The reason Crosby’s June 6 death was mostly ignored is that his band seemed corporate and fake and pedestrian; the reason Ramone’s June 5 death will be remembered is that his band was seen as representative of a counterculture that lacked a voice. But the contradiction is that countercultures get endless media attention: the only American perspectives thought to have any meaningful impact are those that come from the fringes. The voice of the counterculture is, in fact, inexplicably deafening. Meanwhile, mainstream culture (i.e., the millions and millions of people who bought Ratt albums merely because that music happened to be the soundtrack for their lives) is usually portrayed as an army of mindless automatons who provide that counterculture with something to rail against. The things that matter to normal people are not supposed to matter to smart people.

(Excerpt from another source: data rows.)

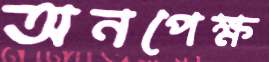
অনপেক্ষ
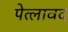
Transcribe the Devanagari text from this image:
पेत्लावद
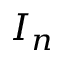
I _ { n }
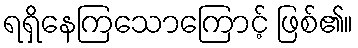
ရရှိနေကြသောကြောင့် ဖြစ်၏။
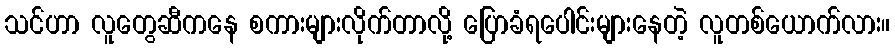
သင်ဟာ လူတွေဆီကနေ စကားများလိုက်တာလို့ ပြောခံရပေါင်းများနေတဲ့ လူတစ်ယောက်လား။
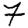
Digit: 7
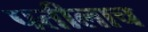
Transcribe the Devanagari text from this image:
पतीलाच
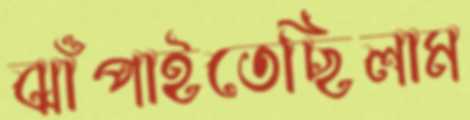
ঝাঁপাইতেছিলাম
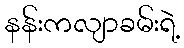
နန်းကလျာခမ်းရဲ့
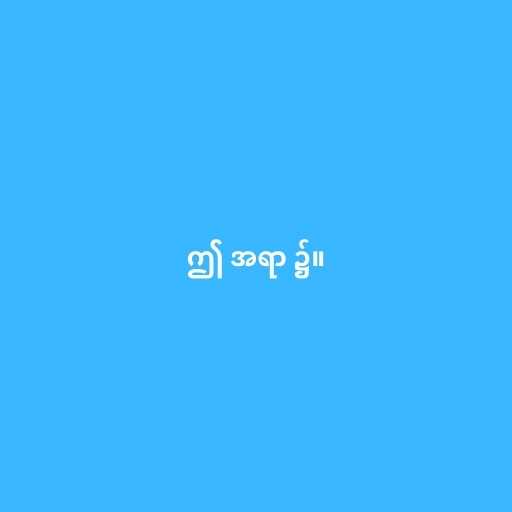
ဤ အရာ ၌။
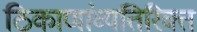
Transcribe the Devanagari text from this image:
ठिकाणांव्यतिरिक्त
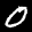
Label: 0
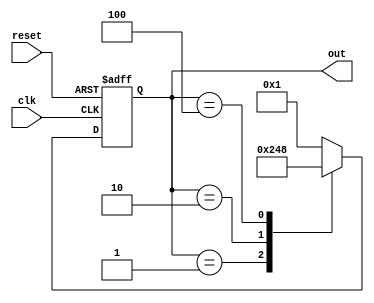
module ring_counter_moore (
    input wire clk,      // Clock signal
    input wire reset,    // Asynchronous reset signal
    output reg [3:0] out // 4-bit output representing the current state
);

    // State transition logic
    always @(posedge clk or posedge reset) begin
        if (reset) begin
            out <= 4'b0001; // Initialize to State 0 (0001)
        end else begin
            case (out)
                4'b0001: out <= 4'b0010; // Transition from State 0 to State 1
                4'b0010: out <= 4'b0100; // Transition from State 1 to State 2
                4'b0100: out <= 4'b1000; // Transition from State 2 to State 3
                4'b1000: out <= 4'b0001; // Transition from State 3 back to State 0
                default: out <= 4'b0001; // Default case to avoid latches
            endcase
        end
    end

endmodule
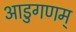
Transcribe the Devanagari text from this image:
आडुगणम्
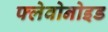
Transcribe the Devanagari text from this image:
फ्लेवोनोइड
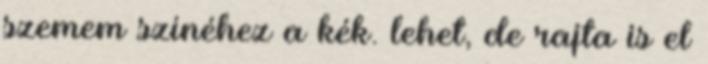
szemem színéhez a kék. lehet, de rajta is el
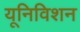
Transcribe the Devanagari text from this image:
यूनिविशन
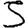
Digit: 5
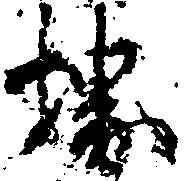
堺
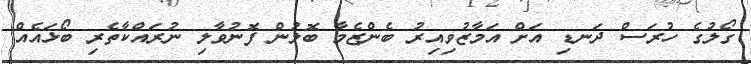
ގޯލުގެ ހުރަސް ދަނޑި އަށް އަމާޒުވިއިރު ބެންޒެމާ ބޮލުން ފޮނުވާލި ނުރައްކާތެރި ބޯޅައެއް
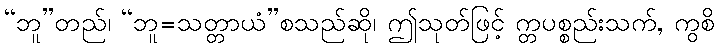
“ဘူ”တည်၊ “ဘူ=သတ္တာယံ”စသည်ဆို၊ ဤသုတ်ဖြင့် က္တပစ္စည်းသက်, ကွစိ
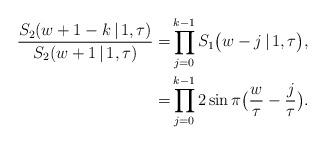
LaTeX: \begin{align*}\frac{S_2(w+1-k\,|\,1,\tau)}{S_2(w+1\,|\,1,\tau)} = & \prod\limits_{j=0}^{k-1}S_1\bigl(w-j\,|\,1,\tau\bigr), \\= & \prod\limits_{j=0}^{k-1} 2 \sin\pi\bigl(\frac{w}{\tau}-\frac{j}{\tau}\bigr). \end{align*}
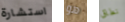
استشارة هو نطاق
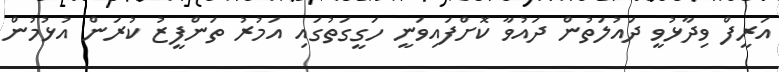
އަރީފް ވިދާޅުވީ ދައުލަތުން ދައުވާ ކޮށްފައިވަނީ ހަގީގަތުގައި އަމުރު ތަންފީޒު ކުރަން އުޅުމުން
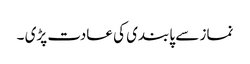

Now, I know what you’re thinking; you’re thinking I’m overlooking the obvious, which is that the Ramones made ”good music” and Ratt made ”bad music,” and that’s the real explanation as to why we care about Dee Dee’s passing while disregarding Robbin’s. And that rebuttal makes sense, I suppose, if you’re the kind of person who honestly believes the concept of ”good taste” is anything more than a subjective device used to create gaps in the intellectual class structure (emphasis mine – Karl). I would argue that Crosby’s death was actually a more significant metaphor than Ramone’s, because Crosby was the first major hair-metal artist from the Reagan years to die from AIDS. The genre spent a decade consciously glamorizing (and aggressively experiencing) faceless sex and copious drug use. It will be interesting to see whether the hesher casualties now start piling up. Meanwhile, I don’t know if Ramone’s death was a metaphor for anything; he’s just a good guy who died on his couch from shooting junk. But as long as you have the right friends, your funeral will always matter a whole lot more.

Long live The Ramones. Long live Ratt n’ Roll. Down with fuckin’ elitism.